_EXTRACTED ENTRIES:_

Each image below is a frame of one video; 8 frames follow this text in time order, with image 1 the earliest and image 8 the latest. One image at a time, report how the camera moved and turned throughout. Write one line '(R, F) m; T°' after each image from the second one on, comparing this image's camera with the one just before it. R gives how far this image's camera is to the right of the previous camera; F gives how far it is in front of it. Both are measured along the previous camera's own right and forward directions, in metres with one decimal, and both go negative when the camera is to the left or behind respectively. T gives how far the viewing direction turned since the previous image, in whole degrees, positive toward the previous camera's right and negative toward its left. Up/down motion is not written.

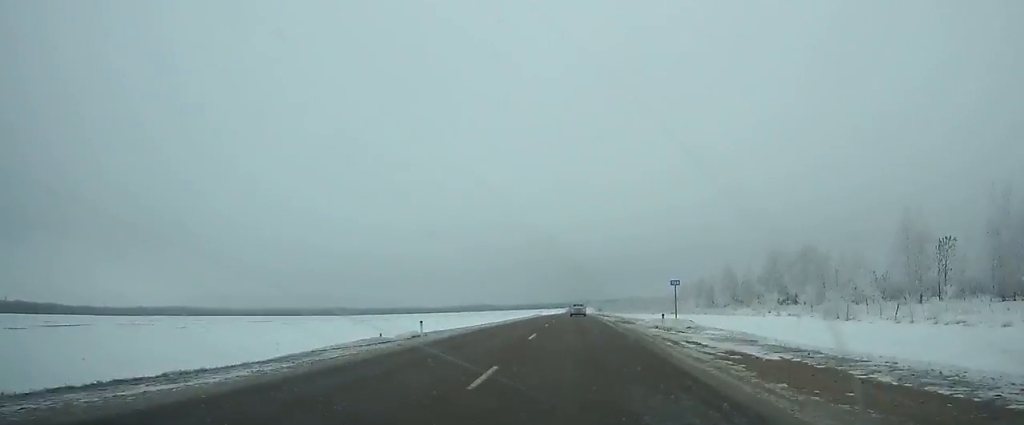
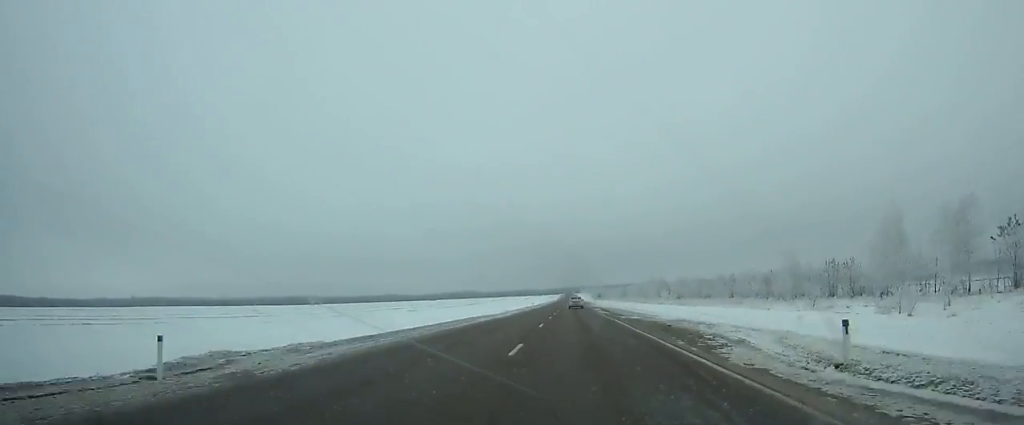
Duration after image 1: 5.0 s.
(+0.2, +114.8) m; 0°
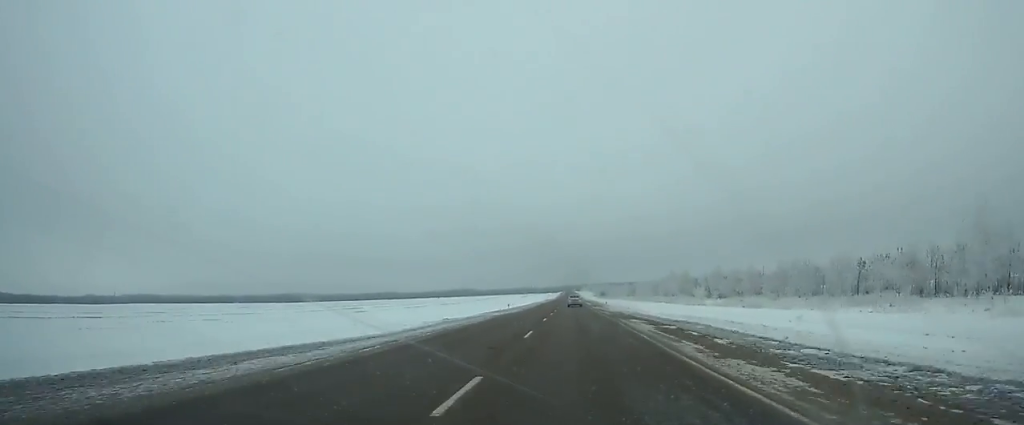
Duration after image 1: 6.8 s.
(+0.2, +41.8) m; 0°
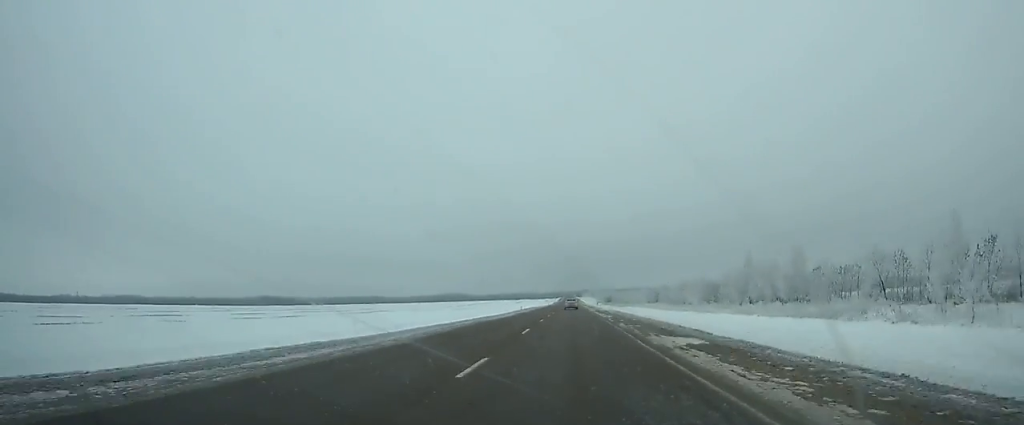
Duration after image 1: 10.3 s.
(+0.2, +81.0) m; 0°
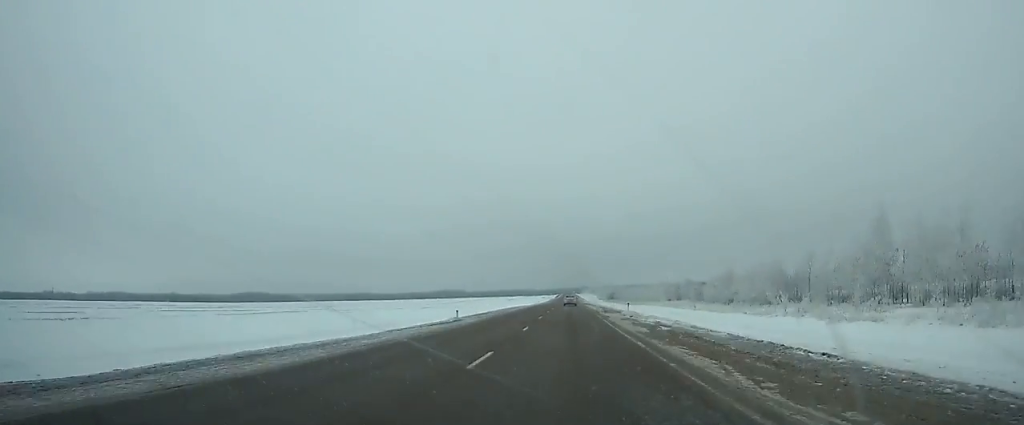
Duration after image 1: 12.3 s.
(0.0, +45.9) m; 0°
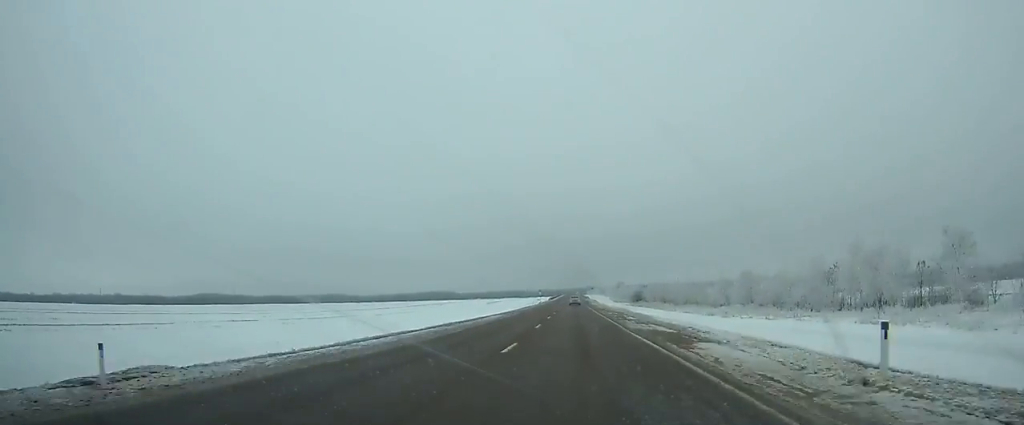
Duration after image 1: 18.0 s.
(-0.3, +130.6) m; 0°
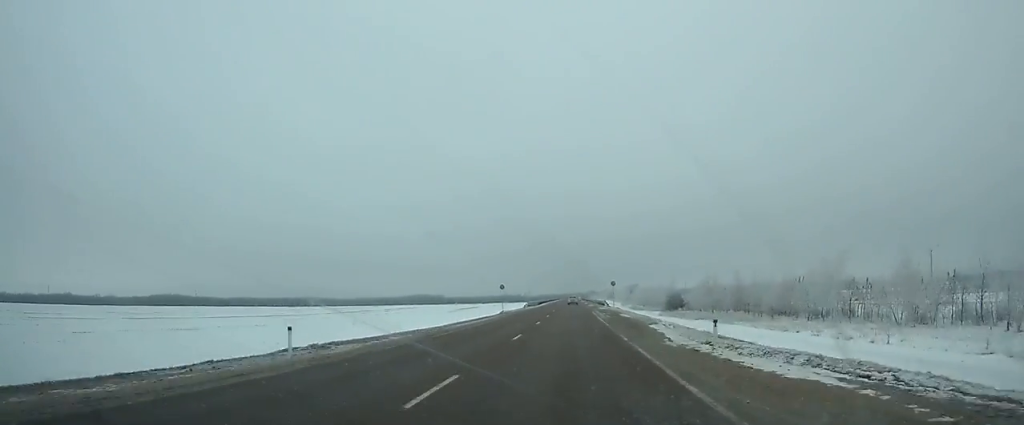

_WHAT YOU HAVE TO DO:_
The response should restate the material above word for word and contain no pictures.

_RESPONSE TO THE TASK:_
Each image below is a frame of one video; 8 frames follow this text in time order, with image 1 the earliest and image 8 the latest. One image at a time, report how the camera moved and turned throughout. Write one line '(R, F) m; T°' after each image from the second one on, comparing this image's camera with the one just before it. R gives how far this image's camera is to the right of the previous camera; F gives how far it is in front of it. Both are measured along the previous camera's own right and forward directions, in metres with one decimal, and both go negative when the camera is to the left or behind respectively. T gives how far the viewing direction turned since the previous image, in whole degrees, positive toward the previous camera's right and negative toward its left. Up/down motion is not written.

Duration after image 1: 5.0 s.
(+0.2, +114.8) m; 0°
Duration after image 1: 6.8 s.
(+0.2, +41.8) m; 0°
Duration after image 1: 10.3 s.
(+0.2, +81.0) m; 0°
Duration after image 1: 12.3 s.
(0.0, +45.9) m; 0°
Duration after image 1: 18.0 s.
(-0.3, +130.6) m; 0°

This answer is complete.